The pub door opened behind her and a couple stepped onto the pavement. They recognized Maureen and smirked, wrapping their arms around each other and tramping off into the wind. The door swung shut, banging off the frame a couple of times, coming to rest. The street was still. One block away a motorbike fired up and roared away to the west. Leslie wasn't coming back. Maureen waited. Leslie wasn't coming back.
She walked home in the pissing rain, too tired and sad to think. The rain was running down her face, trickling through her hair, dripping down her neck and soaking into her shirt collar. She'd reached the bottom of the steep hill to her house before she remembered Jimmy. She turned round and walked back down the road, stopping at a cash machine on the way. She withdrew two hundred and fifty quid, walked to the scheme in Finneston and took the pissy lift up to the second floor. She tiptoed along the landing and slid the money through Jimmy's letter box, bolting for the stairs in case he came out and saw her. She knew from her own experience that nothing belittles more viciously than pity and Jimmy was small enough already.
It was only when she got down to the street that she admitted the truth: going back to give the money to Jimmy was just a pretext. She wanted to go past the pub again, to see if Leslie was there. She stopped and looked along the street to the Grove, too embarrassed to go back in. But Leslie wasn't there. And Leslie wasn't coming back.
Chapter 10
Michael had a fever. He was scratching through the window into her bedroom, his knife-edged nails gouging through the glass. She was sweating and exhausted, and knew she couldn't take the noise anymore. She leaned across to open the window and a river of blood flooded into her house. The anxious, heavy knocking woke her up. Her first thought was Leslie, Leslie had come back, but it wasn't her knock and she didn't do morning visits. She sat up and looked at her watch. It was nine thirty and the Ruchill fever tower lurked behind the bedroom curtain.

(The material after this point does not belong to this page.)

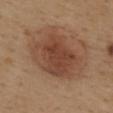The recorded lesion diameter is about 7 mm. An algorithmic analysis of the crop reported a shape eccentricity near 0.65 and a shape-asymmetry score of about 0.2 (0 = symmetric). And it measured an average lesion color of about L≈44 a*≈21 b*≈29 (CIELAB) and a normalized border contrast of about 7.5. A 15 mm close-up extracted from a 3D total-body photography capture. From the upper back. The patient is a female aged around 40.

It was cold out in the hall. A lone blue envelope ached on the mat and the answering machine flashed a red message. She pulled on her overcoat over her T-shirt and knickers, kicking the letter under the telephone table for later, and looked out of the spy hole. Detective Inspector Hugh McAskill brushed the rain from his red hair and looked back at her, his long melancholy face distorted wide by the convex glass, his blue eyes watery and tired, his cheeks flushed from the cold. Behind him stood mustachioed DI Inness, dressed for the weather in a scarf and gloves and sturdy anorak. It was a bad day for this; she felt stupid and friendless and sick. She could pretend to be out and hope they'd go away.
"We know you're in there." McAskill spoke gently. "We can hear you moving about."
Maureen paused with her hand on the latch, took a deep breath and opened the door.
"Hugh."
McAskill nodded sadly. "Can we come in for a minute, Maureen?"
She opened the door and the policemen brushed their feet on the mat before stepping into the hall. She had left the heating on overnight, hoping to evaporate some of Douglas's money, and it was warm in the flat. They took off their scarves and gloves. "Why has he sent ye this time?" she said.